• What is needed
Which lines in the records below contain the word "height"? Copy each of them.

• Data supplied
◇ ◇ ◇

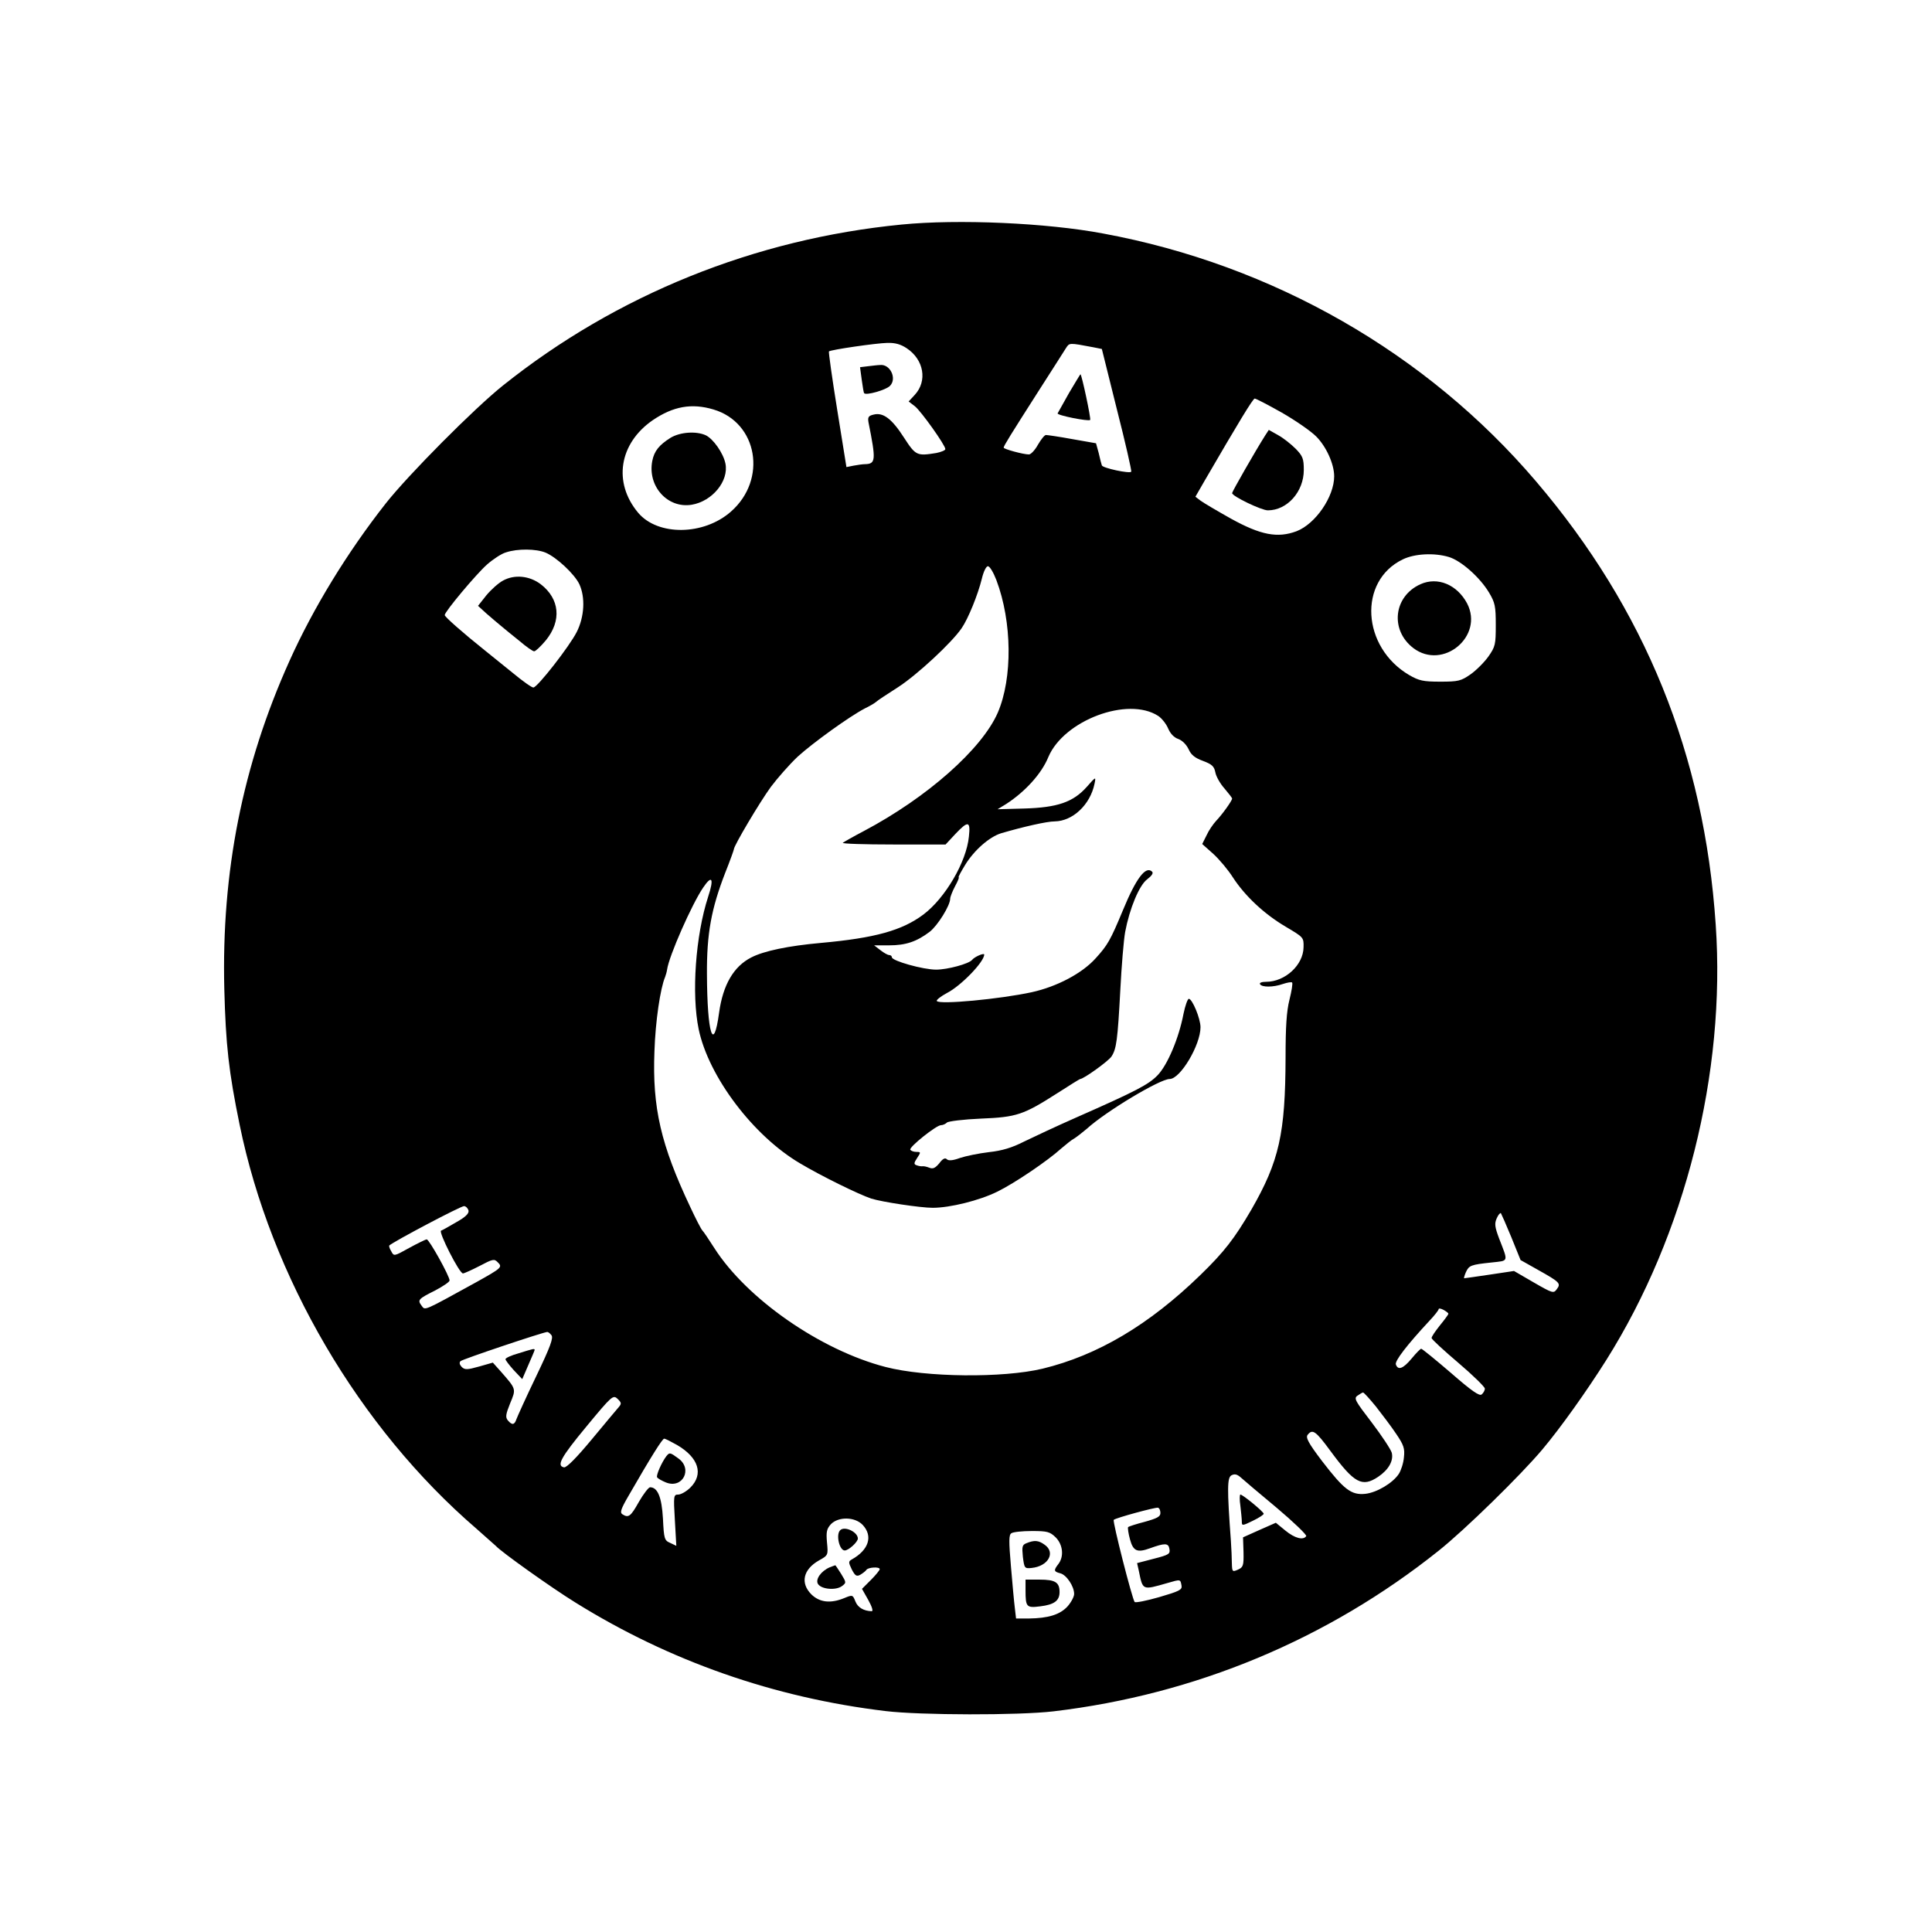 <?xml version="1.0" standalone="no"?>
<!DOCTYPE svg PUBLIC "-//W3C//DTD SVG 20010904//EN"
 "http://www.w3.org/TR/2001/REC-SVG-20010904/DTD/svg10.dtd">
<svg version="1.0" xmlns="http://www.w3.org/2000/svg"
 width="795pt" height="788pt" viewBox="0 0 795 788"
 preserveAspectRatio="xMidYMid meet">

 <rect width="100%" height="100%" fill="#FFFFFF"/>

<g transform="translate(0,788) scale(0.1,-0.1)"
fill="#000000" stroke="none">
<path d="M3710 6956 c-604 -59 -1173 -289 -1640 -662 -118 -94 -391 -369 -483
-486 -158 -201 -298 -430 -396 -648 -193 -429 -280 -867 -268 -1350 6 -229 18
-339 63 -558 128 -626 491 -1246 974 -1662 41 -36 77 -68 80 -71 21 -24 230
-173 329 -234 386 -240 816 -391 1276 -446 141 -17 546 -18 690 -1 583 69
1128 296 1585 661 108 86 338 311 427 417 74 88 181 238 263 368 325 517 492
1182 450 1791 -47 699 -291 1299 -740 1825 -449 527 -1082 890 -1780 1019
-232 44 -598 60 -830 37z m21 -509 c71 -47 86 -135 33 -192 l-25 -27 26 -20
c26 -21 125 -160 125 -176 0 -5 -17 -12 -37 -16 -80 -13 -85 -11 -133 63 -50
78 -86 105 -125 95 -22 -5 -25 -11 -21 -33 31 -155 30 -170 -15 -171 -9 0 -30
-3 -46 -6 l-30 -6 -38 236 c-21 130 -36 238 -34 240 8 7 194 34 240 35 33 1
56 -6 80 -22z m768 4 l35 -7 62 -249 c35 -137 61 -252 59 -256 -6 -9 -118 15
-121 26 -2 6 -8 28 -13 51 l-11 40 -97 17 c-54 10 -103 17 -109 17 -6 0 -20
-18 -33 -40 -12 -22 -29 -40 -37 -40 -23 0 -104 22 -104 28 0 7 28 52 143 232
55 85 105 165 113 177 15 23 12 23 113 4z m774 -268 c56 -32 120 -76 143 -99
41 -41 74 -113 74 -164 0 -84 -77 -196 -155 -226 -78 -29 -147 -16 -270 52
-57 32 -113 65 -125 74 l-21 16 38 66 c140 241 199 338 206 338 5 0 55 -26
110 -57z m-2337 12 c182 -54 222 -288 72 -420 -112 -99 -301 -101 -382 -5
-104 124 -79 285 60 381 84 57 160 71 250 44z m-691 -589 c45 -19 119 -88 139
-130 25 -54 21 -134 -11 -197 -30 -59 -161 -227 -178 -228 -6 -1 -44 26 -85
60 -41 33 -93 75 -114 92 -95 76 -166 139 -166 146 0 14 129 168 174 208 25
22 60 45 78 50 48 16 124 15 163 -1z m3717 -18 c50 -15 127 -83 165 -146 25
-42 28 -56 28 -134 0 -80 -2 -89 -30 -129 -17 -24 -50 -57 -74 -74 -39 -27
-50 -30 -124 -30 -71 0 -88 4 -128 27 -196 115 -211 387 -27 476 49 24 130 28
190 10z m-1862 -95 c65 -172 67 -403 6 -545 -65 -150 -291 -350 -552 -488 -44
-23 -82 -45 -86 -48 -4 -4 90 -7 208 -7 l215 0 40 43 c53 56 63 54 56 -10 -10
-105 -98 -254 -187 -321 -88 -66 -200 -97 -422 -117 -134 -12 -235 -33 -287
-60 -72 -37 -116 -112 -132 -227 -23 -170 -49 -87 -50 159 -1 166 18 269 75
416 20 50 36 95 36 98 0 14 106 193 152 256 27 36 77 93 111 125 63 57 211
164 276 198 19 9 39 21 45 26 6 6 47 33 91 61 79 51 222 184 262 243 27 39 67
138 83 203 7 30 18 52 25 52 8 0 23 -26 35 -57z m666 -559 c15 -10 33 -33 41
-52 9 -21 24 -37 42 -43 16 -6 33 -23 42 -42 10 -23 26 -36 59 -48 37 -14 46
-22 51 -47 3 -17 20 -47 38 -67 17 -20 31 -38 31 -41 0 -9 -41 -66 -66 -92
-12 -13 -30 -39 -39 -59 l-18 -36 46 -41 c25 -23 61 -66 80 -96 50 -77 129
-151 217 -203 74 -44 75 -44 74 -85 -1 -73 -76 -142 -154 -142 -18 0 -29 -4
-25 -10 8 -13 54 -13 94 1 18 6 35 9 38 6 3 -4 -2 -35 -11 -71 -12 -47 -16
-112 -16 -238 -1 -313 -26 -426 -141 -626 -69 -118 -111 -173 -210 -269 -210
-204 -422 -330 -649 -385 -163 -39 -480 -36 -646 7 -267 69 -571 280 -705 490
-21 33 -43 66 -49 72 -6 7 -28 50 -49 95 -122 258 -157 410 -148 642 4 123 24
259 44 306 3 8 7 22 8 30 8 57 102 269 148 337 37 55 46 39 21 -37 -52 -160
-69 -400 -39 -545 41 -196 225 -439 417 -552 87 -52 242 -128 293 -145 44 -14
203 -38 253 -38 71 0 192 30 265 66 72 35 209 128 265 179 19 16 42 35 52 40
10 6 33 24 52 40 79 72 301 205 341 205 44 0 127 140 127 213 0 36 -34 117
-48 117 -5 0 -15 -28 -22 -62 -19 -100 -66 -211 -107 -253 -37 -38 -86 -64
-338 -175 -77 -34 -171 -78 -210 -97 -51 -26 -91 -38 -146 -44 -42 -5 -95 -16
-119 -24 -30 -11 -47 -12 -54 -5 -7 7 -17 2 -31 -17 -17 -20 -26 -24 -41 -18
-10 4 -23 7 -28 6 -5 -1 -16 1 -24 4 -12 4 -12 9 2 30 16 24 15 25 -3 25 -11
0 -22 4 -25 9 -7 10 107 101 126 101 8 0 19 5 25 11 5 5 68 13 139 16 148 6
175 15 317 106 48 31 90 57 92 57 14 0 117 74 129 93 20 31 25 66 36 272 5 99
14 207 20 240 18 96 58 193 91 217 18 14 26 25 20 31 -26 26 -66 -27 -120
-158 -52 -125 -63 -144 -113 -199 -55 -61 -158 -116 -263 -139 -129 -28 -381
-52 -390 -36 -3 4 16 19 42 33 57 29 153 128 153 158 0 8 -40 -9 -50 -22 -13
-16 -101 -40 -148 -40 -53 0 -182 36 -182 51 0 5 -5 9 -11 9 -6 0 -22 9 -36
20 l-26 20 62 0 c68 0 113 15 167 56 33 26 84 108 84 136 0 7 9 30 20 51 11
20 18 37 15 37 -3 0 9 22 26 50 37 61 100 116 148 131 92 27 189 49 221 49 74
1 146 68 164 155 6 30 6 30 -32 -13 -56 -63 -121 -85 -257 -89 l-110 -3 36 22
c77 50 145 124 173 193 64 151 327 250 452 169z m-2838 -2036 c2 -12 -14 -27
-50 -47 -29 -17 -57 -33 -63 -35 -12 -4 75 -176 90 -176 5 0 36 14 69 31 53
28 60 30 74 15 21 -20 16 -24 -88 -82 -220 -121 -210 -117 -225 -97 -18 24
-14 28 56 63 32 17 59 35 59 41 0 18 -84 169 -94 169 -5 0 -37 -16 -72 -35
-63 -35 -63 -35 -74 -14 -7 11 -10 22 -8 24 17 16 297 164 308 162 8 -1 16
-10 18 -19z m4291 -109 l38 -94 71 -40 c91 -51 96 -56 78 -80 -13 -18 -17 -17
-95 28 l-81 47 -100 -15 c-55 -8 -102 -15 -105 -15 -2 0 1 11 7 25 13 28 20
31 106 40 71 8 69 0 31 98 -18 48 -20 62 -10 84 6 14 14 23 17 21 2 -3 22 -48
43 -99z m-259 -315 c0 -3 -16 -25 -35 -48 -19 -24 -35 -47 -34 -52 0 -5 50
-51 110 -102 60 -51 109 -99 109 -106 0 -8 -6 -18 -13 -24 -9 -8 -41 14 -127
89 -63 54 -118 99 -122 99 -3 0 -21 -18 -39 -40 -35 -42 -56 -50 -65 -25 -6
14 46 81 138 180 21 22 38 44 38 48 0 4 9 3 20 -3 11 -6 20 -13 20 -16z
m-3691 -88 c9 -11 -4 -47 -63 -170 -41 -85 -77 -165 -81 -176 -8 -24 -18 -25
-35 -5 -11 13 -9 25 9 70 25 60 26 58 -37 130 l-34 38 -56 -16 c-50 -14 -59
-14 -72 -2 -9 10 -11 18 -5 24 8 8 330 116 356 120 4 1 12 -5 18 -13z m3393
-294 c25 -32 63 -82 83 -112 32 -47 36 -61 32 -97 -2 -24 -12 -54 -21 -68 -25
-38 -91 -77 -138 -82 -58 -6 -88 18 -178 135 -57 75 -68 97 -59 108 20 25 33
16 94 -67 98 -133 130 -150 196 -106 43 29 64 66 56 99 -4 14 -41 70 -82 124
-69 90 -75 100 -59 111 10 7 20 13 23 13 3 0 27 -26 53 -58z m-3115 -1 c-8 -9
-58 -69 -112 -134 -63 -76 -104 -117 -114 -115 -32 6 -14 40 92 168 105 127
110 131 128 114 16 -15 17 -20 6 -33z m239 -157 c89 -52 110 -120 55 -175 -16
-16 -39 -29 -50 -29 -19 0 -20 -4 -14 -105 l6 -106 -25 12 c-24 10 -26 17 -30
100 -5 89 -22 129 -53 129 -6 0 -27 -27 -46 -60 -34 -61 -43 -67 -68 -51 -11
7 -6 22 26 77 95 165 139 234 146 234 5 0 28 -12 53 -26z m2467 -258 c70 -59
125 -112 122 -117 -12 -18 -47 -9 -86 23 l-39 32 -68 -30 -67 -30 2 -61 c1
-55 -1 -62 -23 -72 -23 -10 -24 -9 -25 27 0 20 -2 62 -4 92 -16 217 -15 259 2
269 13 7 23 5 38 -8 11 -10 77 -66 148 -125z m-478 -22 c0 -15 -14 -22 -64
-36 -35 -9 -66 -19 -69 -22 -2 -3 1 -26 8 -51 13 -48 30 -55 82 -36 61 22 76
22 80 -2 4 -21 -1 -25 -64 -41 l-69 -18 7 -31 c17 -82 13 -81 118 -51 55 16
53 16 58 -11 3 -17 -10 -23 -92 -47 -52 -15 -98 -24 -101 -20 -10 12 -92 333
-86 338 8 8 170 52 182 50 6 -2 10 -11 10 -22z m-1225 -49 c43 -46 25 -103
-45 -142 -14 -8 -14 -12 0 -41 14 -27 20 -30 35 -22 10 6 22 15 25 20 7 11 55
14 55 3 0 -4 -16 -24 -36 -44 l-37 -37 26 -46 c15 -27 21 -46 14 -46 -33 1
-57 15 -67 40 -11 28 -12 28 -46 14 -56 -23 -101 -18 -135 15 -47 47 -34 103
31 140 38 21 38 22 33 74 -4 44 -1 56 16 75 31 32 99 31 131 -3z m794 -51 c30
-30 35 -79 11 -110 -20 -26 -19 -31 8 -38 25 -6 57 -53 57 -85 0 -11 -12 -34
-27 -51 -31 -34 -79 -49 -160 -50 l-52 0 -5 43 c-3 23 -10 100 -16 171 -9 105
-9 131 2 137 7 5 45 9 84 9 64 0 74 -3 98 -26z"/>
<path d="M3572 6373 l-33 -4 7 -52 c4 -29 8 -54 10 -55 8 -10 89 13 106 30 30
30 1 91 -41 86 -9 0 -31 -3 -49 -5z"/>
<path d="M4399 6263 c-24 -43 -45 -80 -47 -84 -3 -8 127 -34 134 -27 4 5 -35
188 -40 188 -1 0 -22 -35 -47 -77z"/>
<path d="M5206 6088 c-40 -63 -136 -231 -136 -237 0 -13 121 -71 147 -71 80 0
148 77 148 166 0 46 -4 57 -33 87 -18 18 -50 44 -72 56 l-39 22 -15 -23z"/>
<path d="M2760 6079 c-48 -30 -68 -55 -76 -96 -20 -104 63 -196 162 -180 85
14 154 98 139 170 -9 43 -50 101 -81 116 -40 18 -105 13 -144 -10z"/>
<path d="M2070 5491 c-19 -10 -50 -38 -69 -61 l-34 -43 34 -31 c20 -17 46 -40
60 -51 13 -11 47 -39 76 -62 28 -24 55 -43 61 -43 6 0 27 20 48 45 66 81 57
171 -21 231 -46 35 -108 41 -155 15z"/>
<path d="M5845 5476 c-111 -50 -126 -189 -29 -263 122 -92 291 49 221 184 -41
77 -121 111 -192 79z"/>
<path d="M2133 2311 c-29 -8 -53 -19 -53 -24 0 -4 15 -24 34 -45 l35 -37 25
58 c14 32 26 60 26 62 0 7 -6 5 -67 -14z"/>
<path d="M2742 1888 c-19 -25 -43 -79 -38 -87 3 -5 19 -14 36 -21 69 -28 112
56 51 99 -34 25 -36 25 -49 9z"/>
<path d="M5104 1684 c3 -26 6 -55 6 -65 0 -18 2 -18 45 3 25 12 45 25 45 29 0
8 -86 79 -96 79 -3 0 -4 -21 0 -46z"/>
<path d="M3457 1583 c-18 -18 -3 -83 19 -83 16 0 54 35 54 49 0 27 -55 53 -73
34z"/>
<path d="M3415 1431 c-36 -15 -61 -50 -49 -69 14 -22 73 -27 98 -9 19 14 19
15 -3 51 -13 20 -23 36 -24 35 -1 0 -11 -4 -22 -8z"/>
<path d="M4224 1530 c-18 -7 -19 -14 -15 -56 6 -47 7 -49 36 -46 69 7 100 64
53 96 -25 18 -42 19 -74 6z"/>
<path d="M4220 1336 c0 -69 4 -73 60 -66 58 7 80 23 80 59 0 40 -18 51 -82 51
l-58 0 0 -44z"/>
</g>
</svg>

◇ ◇ ◇

• Task response
 width="795pt" height="788pt" viewBox="0 0 795 788"
 <rect width="100%" height="100%" fill="#FFFFFF"/>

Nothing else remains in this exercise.